| Work instruction |
Each entry is to be retyped exactly as it appears. Leave the images out.
-------- Given records --------
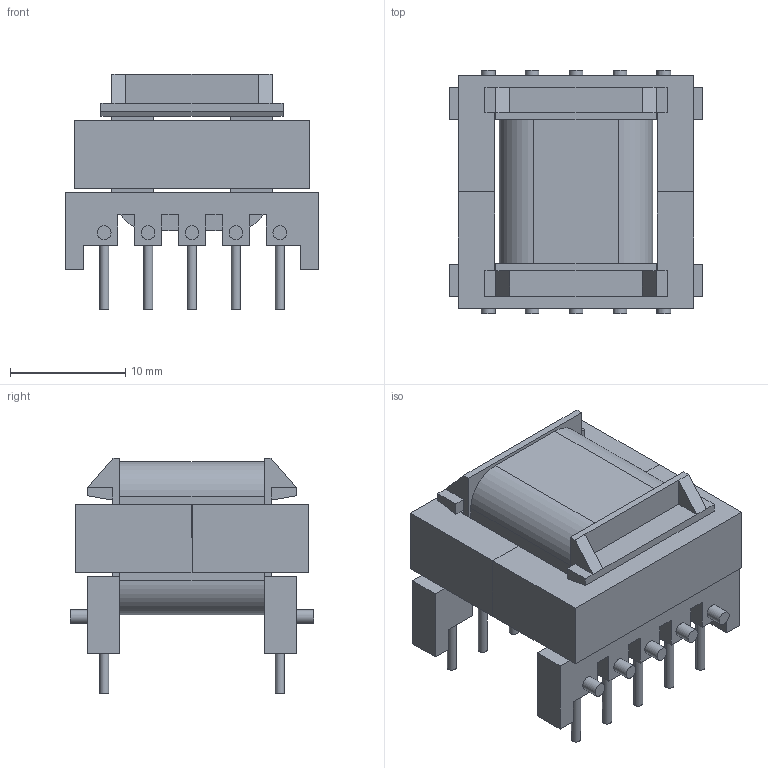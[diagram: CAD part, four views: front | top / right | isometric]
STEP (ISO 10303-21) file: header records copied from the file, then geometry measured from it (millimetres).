
FILE_DESCRIPTION( ( 'Unknown' ), '1' );
FILE_NAME( '760800080.stp', 'Unknown', ( 'Unknown' ), ( 'Unknown' ), 'XStep 1.0', 'Unknown', ' ' );
FILE_SCHEMA( ( 'automotive_design' ) );
Length unit declared in the file: millimetre
Products named in the file (3): Assem1; bobbin; E20-10-6_core
Bounding box: 22 x 21.1 x 20.45 mm (x, y, z)
Volume: 7244.7 mm3; surface area: 7216.7 mm2
Topology: 5 solids, 5 shells, 366 faces, 918 edges, 598 vertices
Faces by surface type: plane 318, cylinder 48
Full cylindrical faces by diameter (mm): 0.8 x20, 1.2 x20
Entity records: 6296 total; most frequent: CARTESIAN_POINT 858, DIRECTION 822, ORIENTED_EDGE 812, EDGE_CURVE 406, LINE 350, VECTOR 350, VERTEX_POINT 272, AXIS2_PLACEMENT_3D 236
--------
| Answer to this problem |
[diagram: CAD part, four views: front | top / right | isometric]
STEP (ISO 10303-21) file: header records copied from the file, then geometry measured from it (millimetres).
FILE_DESCRIPTION( ( 'Unknown' ), '1' );
FILE_NAME( '760800080.stp', 'Unknown', ( 'Unknown' ), ( 'Unknown' ), 'XStep 1.0', 'Unknown', ' ' );
FILE_SCHEMA( ( 'automotive_design' ) );
Length unit declared in the file: millimetre
Products named in the file (3): Assem1; bobbin; E20-10-6_core
Bounding box: 22 x 21.1 x 20.45 mm (x, y, z)
Volume: 7244.7 mm3; surface area: 7216.7 mm2
Topology: 5 solids, 5 shells, 366 faces, 918 edges, 598 vertices
Faces by surface type: plane 318, cylinder 48
Full cylindrical faces by diameter (mm): 0.8 x20, 1.2 x20
Entity records: 6296 total; most frequent: CARTESIAN_POINT 858, DIRECTION 822, ORIENTED_EDGE 812, EDGE_CURVE 406, LINE 350, VECTOR 350, VERTEX_POINT 272, AXIS2_PLACEMENT_3D 236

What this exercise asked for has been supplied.